Last year, with the presidential campaign in full swing, Gov. Mitt Romney's campaign went looking for donors in an unusual place: a data center just off of Interstate 35W in north Fort Worth. From that data center, owned by Buxton, a Fort Worth firm that specializes in mining consumer data for clients ranging from Wal-Mart to FedEx to TCU, analysts were able to identify untapped potential campaign donors from across the United States. CEO Tom Buxton said they culled those donors from a massive internal database that has information on more than 120 million households, which have up to 75,000 data points on everything from brand loyalties to hobbies to media preferences.
"Probably 17 or 18 years ago, we already had accumulated more consumer data than the Library of Congress has in all of its wealth of data," Buxton said.

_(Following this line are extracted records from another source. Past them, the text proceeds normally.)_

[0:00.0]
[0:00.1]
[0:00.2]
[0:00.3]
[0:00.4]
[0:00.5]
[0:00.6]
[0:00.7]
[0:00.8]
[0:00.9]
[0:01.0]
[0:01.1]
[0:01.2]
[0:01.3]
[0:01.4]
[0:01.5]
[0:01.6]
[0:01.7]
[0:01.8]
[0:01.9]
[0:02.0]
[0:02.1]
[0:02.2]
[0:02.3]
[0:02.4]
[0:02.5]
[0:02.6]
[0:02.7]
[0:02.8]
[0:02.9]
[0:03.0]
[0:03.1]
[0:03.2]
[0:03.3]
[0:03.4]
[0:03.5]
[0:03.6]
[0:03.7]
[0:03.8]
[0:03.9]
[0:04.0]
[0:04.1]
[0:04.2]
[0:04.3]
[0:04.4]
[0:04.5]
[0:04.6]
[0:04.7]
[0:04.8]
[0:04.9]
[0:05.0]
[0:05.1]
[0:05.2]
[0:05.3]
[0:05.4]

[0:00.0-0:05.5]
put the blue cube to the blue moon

Buxton is one of several Tarrant County organizations, both public and private, that is creating value from the massive amounts of digital data that, in our digital world, we generate as part of our daily routines.

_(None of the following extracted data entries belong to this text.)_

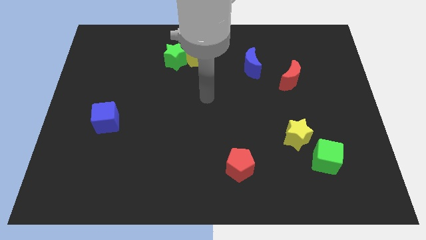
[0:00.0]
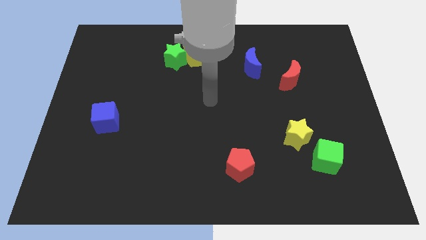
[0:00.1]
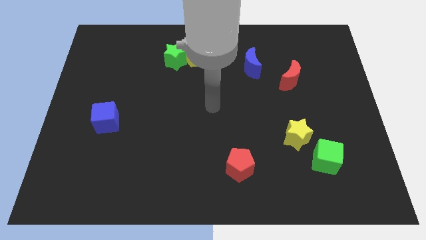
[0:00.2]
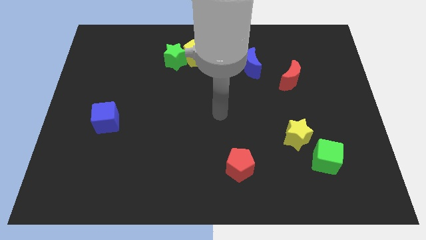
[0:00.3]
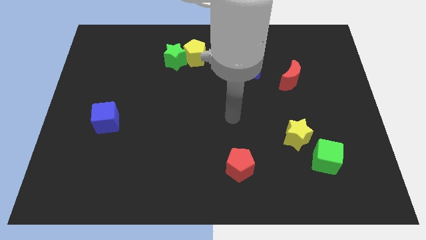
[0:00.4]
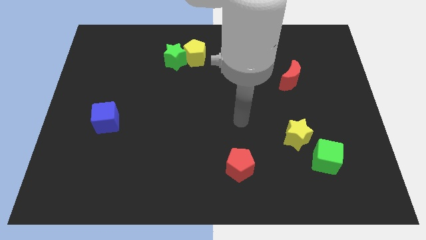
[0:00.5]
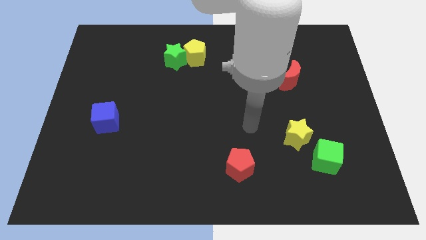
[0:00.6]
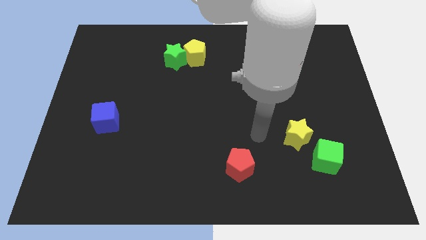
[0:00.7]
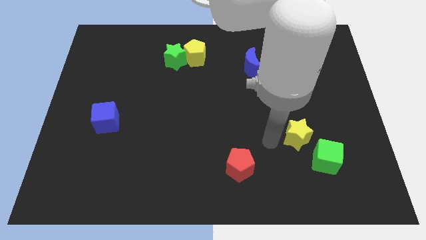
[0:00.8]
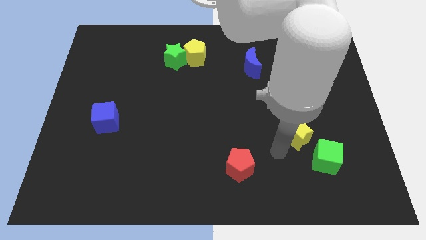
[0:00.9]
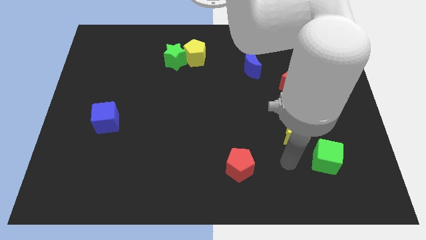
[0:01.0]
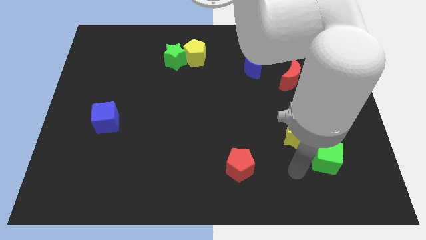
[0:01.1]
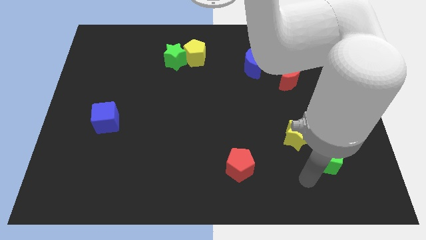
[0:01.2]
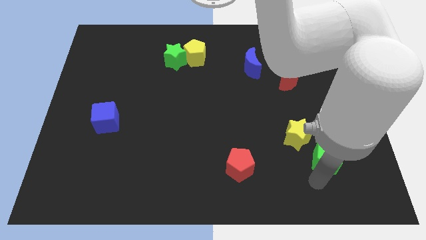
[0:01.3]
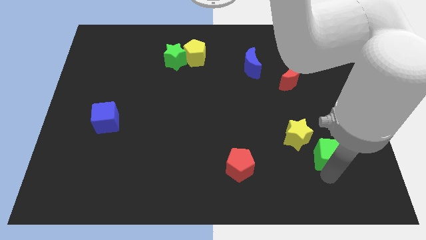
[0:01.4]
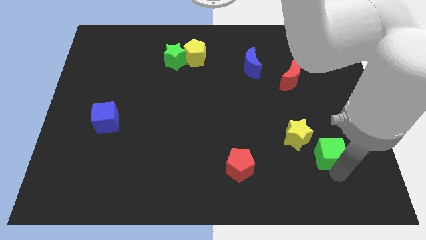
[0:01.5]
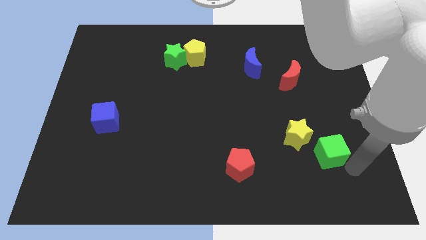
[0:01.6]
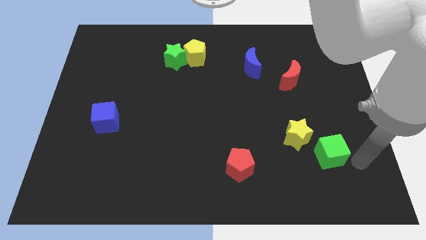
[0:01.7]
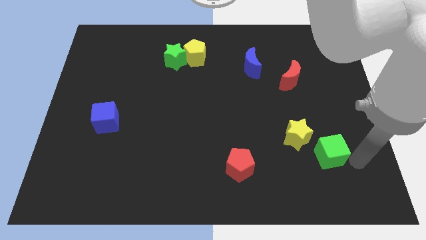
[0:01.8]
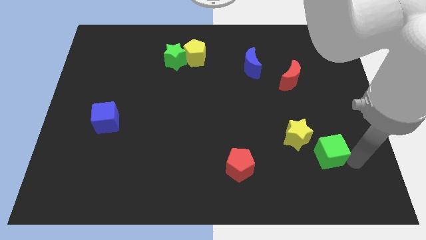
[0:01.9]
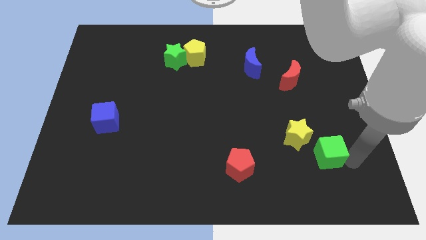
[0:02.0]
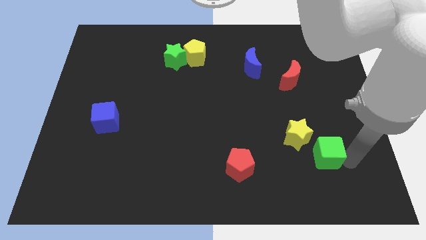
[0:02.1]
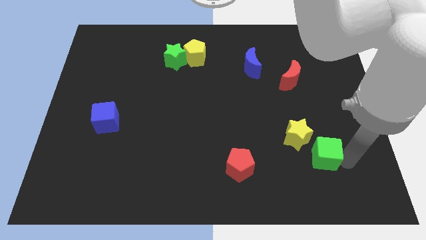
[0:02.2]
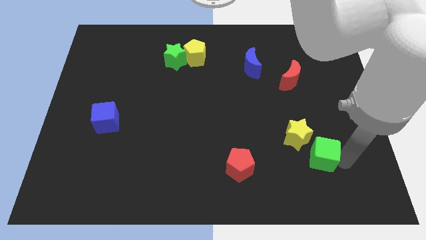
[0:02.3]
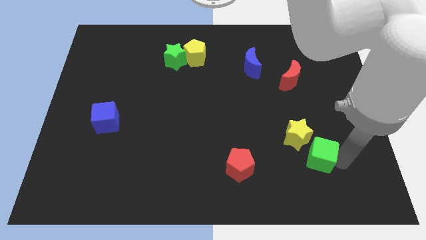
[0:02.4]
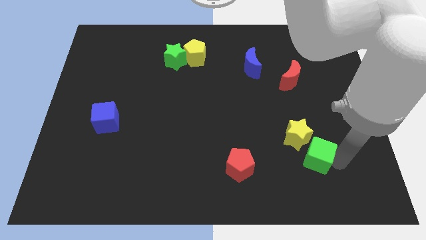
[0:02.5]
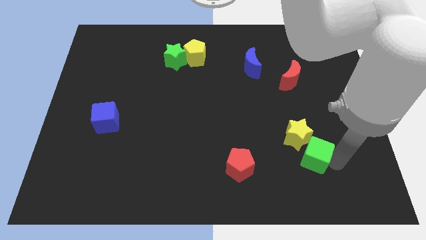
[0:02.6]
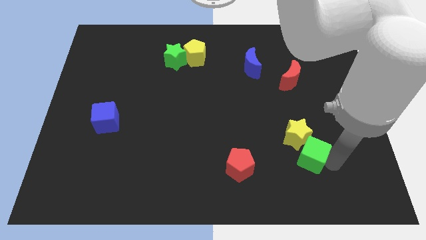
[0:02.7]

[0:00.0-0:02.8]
move the green cube close to the yellow star

Almost everything we do throughout a day creates some sort of a digital trail. Quite a bit of that information is bought and sold on the open market. And increasingly, the data that isn't sold is often being analyzed internally by the company that owns it.
From all that data, companies like Buxton can purchase data that will tell them everything from the magazines you read to the restaurants you eat at to what your favorite soft drink is. Buxton has been buying such data and using it to answer clients" questions for years. In fact, the company is considered a pioneer in mining that data for insights.
"Data has been around forever. It's the use of data that people are trying to figure out," Buxton said. "Data is of no value unless you know how to understand it and make it give you an answer."
And Buxton says his company delivers that value, whether it's telling a retailer where to place a store or identifying donors for a political campaign.
The company's data is so precise that analysts were once able to tell Wal-Mart in which of its thousands of stores to sell a particular purple fishing lure, based on how likely shoppers at those stores were to buy purple things. And they were right, according to Buxton.
Buxton is now being joined by everyone from city governments to health care providers to law enforcement. Sharp drops in the cost of digital storage over the years have made it easier to store data, and increased computer processing power has made it easier and cheaper to process it.
Buxton, for example, said that 20 years ago he'd require more than 1,000 employees to do what his 120 employees do today.
Big Data
To illustrate the size of these massive data sets, one only has to look at Buxton's data warehouse, which currently houses data on about 1 billion customer transactions. Buxton says that data is taking up about 90 terabytes of server space.
That 90 terabytes, or 90,000,000,000,000 bytes of data, can store enough MP3 files to keep you listening for 180 years. Don't even try to print that data. You're easily looking at 20 million pages - double-sided.
Data like Buxton's is the kind that's often referred to as "big data." Data that is so unwieldy and hard to manage that it's in a class of its own. It's way too big to simply drop into your desktop spreadsheet program and draw some sort of business insight.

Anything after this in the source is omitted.